* **Task goal**
Reproduce the data below exactly as written. Pictures do not belong in the copy.

* **Exercise material**
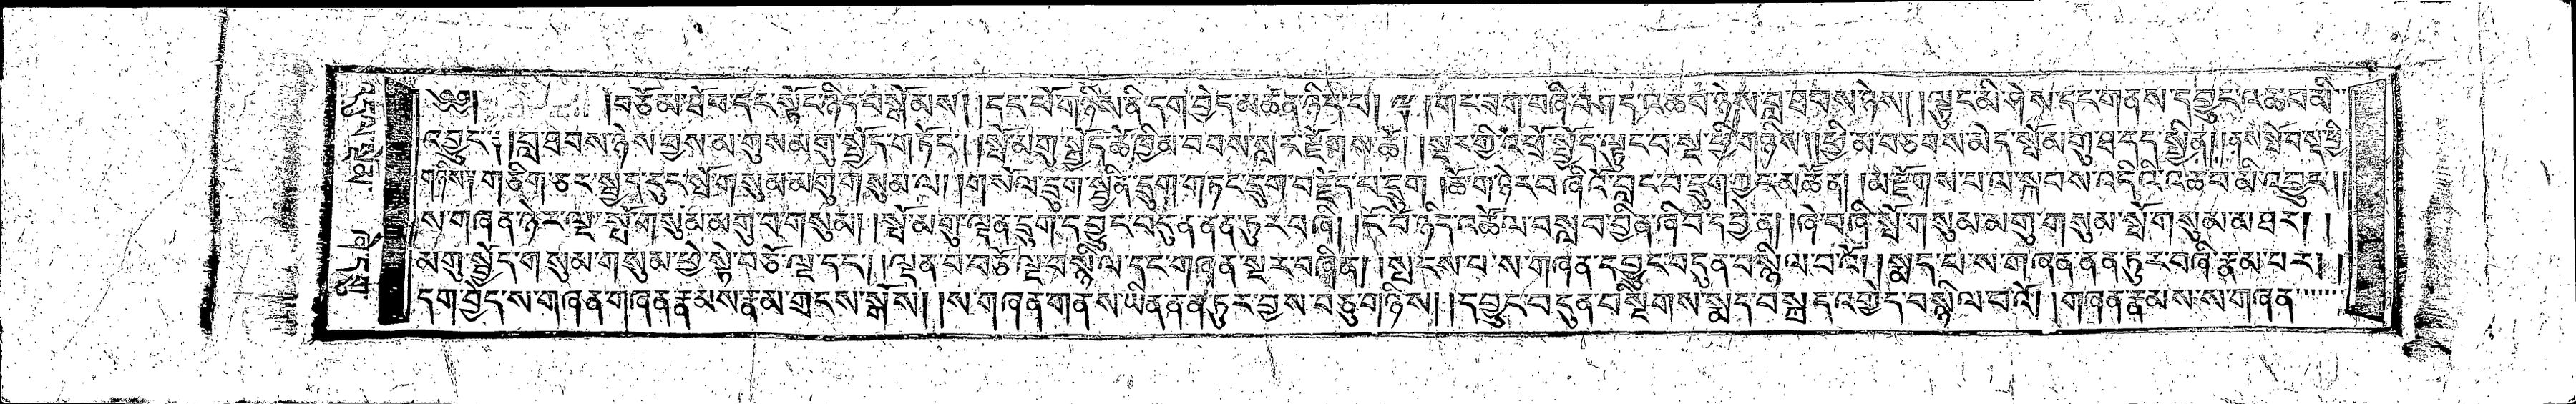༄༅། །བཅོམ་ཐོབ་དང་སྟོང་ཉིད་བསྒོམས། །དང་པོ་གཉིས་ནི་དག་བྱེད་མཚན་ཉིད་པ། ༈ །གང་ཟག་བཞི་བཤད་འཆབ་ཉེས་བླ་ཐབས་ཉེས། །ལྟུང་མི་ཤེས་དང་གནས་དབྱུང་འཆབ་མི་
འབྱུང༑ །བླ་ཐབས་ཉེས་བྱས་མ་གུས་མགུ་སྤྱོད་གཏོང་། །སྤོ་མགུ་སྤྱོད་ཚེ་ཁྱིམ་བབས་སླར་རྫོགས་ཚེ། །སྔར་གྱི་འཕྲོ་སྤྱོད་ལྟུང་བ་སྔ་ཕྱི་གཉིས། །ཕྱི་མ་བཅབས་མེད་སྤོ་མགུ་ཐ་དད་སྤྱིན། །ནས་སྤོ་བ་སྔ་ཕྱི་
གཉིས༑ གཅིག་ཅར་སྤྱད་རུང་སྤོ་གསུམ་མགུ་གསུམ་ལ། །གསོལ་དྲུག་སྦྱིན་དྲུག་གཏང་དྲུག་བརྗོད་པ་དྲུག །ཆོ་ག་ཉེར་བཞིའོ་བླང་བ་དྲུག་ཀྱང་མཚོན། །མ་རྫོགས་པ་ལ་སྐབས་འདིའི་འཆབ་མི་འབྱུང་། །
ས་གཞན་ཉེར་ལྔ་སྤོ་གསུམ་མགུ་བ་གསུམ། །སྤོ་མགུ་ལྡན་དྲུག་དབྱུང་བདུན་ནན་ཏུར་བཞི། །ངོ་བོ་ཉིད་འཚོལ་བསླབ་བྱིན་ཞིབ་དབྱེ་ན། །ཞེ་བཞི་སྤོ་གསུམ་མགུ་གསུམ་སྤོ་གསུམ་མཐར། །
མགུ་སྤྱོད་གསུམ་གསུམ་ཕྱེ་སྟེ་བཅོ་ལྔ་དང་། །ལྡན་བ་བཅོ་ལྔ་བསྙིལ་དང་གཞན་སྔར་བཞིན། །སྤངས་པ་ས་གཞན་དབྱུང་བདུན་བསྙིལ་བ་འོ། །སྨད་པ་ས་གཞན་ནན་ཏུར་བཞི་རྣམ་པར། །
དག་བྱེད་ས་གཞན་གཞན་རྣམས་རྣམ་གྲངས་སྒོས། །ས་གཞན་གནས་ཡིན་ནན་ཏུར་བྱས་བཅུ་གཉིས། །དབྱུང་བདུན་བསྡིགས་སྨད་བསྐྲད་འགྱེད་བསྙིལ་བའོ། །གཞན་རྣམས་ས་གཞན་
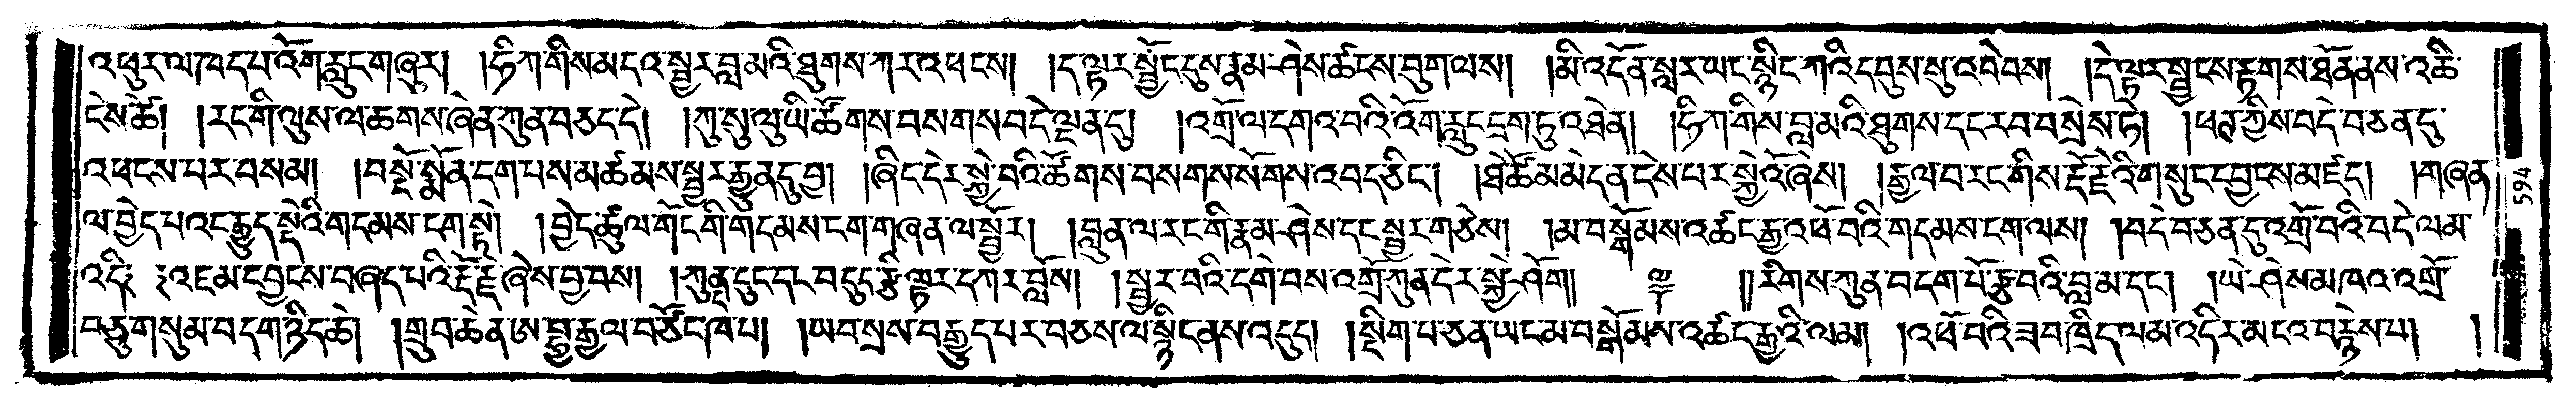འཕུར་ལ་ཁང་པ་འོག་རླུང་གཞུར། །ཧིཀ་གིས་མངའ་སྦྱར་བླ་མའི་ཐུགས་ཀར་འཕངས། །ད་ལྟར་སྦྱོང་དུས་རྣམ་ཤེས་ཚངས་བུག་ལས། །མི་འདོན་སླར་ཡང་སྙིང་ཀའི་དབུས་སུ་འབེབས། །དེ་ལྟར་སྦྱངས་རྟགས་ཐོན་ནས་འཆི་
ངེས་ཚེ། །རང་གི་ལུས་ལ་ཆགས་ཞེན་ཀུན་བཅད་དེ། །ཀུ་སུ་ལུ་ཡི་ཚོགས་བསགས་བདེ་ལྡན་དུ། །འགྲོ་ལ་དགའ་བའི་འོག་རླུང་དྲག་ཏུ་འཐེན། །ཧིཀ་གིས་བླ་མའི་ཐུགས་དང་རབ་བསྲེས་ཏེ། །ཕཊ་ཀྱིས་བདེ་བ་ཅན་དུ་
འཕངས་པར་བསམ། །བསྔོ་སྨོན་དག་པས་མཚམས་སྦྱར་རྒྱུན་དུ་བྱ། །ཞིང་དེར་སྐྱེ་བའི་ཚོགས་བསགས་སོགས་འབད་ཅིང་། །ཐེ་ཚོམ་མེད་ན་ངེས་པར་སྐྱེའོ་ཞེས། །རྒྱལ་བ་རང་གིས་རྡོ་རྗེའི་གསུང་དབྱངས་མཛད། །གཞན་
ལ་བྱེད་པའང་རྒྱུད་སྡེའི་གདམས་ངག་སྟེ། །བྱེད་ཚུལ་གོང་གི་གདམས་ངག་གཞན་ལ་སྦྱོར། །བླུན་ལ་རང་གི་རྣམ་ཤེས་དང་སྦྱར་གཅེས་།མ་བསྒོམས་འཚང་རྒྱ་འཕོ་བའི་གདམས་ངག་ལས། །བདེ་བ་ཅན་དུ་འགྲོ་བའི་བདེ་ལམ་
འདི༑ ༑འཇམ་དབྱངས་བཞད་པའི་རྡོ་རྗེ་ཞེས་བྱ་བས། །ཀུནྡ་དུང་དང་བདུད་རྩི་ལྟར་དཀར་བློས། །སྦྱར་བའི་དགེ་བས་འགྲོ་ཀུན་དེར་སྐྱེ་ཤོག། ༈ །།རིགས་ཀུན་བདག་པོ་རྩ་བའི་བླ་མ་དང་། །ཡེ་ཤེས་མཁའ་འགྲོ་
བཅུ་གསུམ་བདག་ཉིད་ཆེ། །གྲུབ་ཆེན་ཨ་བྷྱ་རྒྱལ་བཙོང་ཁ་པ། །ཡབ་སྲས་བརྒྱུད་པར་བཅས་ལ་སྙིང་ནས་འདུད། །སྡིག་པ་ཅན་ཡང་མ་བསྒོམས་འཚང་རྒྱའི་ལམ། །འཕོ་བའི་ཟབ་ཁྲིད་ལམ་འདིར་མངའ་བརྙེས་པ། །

* **Answer to this problem**
༄༅། །བཅོམ་ཐོབ་དང་སྟོང་ཉིད་བསྒོམས། །དང་པོ་གཉིས་ནི་དག་བྱེད་མཚན་ཉིད་པ། ༈ །གང་ཟག་བཞི་བཤད་འཆབ་ཉེས་བླ་ཐབས་ཉེས། །ལྟུང་མི་ཤེས་དང་གནས་དབྱུང་འཆབ་མི་
འབྱུང༑ །བླ་ཐབས་ཉེས་བྱས་མ་གུས་མགུ་སྤྱོད་གཏོང་། །སྤོ་མགུ་སྤྱོད་ཚེ་ཁྱིམ་བབས་སླར་རྫོགས་ཚེ། །སྔར་གྱི་འཕྲོ་སྤྱོད་ལྟུང་བ་སྔ་ཕྱི་གཉིས། །ཕྱི་མ་བཅབས་མེད་སྤོ་མགུ་ཐ་དད་སྤྱིན། །ནས་སྤོ་བ་སྔ་ཕྱི་
གཉིས༑ གཅིག་ཅར་སྤྱད་རུང་སྤོ་གསུམ་མགུ་གསུམ་ལ། །གསོལ་དྲུག་སྦྱིན་དྲུག་གཏང་དྲུག་བརྗོད་པ་དྲུག །ཆོ་ག་ཉེར་བཞིའོ་བླང་བ་དྲུག་ཀྱང་མཚོན། །མ་རྫོགས་པ་ལ་སྐབས་འདིའི་འཆབ་མི་འབྱུང་། །
ས་གཞན་ཉེར་ལྔ་སྤོ་གསུམ་མགུ་བ་གསུམ། །སྤོ་མགུ་ལྡན་དྲུག་དབྱུང་བདུན་ནན་ཏུར་བཞི། །ངོ་བོ་ཉིད་འཚོལ་བསླབ་བྱིན་ཞིབ་དབྱེ་ན། །ཞེ་བཞི་སྤོ་གསུམ་མགུ་གསུམ་སྤོ་གསུམ་མཐར། །
མགུ་སྤྱོད་གསུམ་གསུམ་ཕྱེ་སྟེ་བཅོ་ལྔ་དང་། །ལྡན་བ་བཅོ་ལྔ་བསྙིལ་དང་གཞན་སྔར་བཞིན། །སྤངས་པ་ས་གཞན་དབྱུང་བདུན་བསྙིལ་བ་འོ། །སྨད་པ་ས་གཞན་ནན་ཏུར་བཞི་རྣམ་པར། །
དག་བྱེད་ས་གཞན་གཞན་རྣམས་རྣམ་གྲངས་སྒོས། །ས་གཞན་གནས་ཡིན་ནན་ཏུར་བྱས་བཅུ་གཉིས། །དབྱུང་བདུན་བསྡིགས་སྨད་བསྐྲད་འགྱེད་བསྙིལ་བའོ། །གཞན་རྣམས་ས་གཞན་
འཕུར་ལ་ཁང་པ་འོག་རླུང་གཞུར། །ཧིཀ་གིས་མངའ་སྦྱར་བླ་མའི་ཐུགས་ཀར་འཕངས། །ད་ལྟར་སྦྱོང་དུས་རྣམ་ཤེས་ཚངས་བུག་ལས། །མི་འདོན་སླར་ཡང་སྙིང་ཀའི་དབུས་སུ་འབེབས། །དེ་ལྟར་སྦྱངས་རྟགས་ཐོན་ནས་འཆི་
ངེས་ཚེ། །རང་གི་ལུས་ལ་ཆགས་ཞེན་ཀུན་བཅད་དེ། །ཀུ་སུ་ལུ་ཡི་ཚོགས་བསགས་བདེ་ལྡན་དུ། །འགྲོ་ལ་དགའ་བའི་འོག་རླུང་དྲག་ཏུ་འཐེན། །ཧིཀ་གིས་བླ་མའི་ཐུགས་དང་རབ་བསྲེས་ཏེ། །ཕཊ་ཀྱིས་བདེ་བ་ཅན་དུ་
འཕངས་པར་བསམ། །བསྔོ་སྨོན་དག་པས་མཚམས་སྦྱར་རྒྱུན་དུ་བྱ། །ཞིང་དེར་སྐྱེ་བའི་ཚོགས་བསགས་སོགས་འབད་ཅིང་། །ཐེ་ཚོམ་མེད་ན་ངེས་པར་སྐྱེའོ་ཞེས། །རྒྱལ་བ་རང་གིས་རྡོ་རྗེའི་གསུང་དབྱངས་མཛད། །གཞན་
ལ་བྱེད་པའང་རྒྱུད་སྡེའི་གདམས་ངག་སྟེ། །བྱེད་ཚུལ་གོང་གི་གདམས་ངག་གཞན་ལ་སྦྱོར། །བླུན་ལ་རང་གི་རྣམ་ཤེས་དང་སྦྱར་གཅེས་།མ་བསྒོམས་འཚང་རྒྱ་འཕོ་བའི་གདམས་ངག་ལས། །བདེ་བ་ཅན་དུ་འགྲོ་བའི་བདེ་ལམ་
འདི༑ ༑འཇམ་དབྱངས་བཞད་པའི་རྡོ་རྗེ་ཞེས་བྱ་བས། །ཀུནྡ་དུང་དང་བདུད་རྩི་ལྟར་དཀར་བློས། །སྦྱར་བའི་དགེ་བས་འགྲོ་ཀུན་དེར་སྐྱེ་ཤོག། ༈ །།རིགས་ཀུན་བདག་པོ་རྩ་བའི་བླ་མ་དང་། །ཡེ་ཤེས་མཁའ་འགྲོ་
བཅུ་གསུམ་བདག་ཉིད་ཆེ། །གྲུབ་ཆེན་ཨ་བྷྱ་རྒྱལ་བཙོང་ཁ་པ། །ཡབ་སྲས་བརྒྱུད་པར་བཅས་ལ་སྙིང་ནས་འདུད། །སྡིག་པ་ཅན་ཡང་མ་བསྒོམས་འཚང་རྒྱའི་ལམ། །འཕོ་བའི་ཟབ་ཁྲིད་ལམ་འདིར་མངའ་བརྙེས་པ། །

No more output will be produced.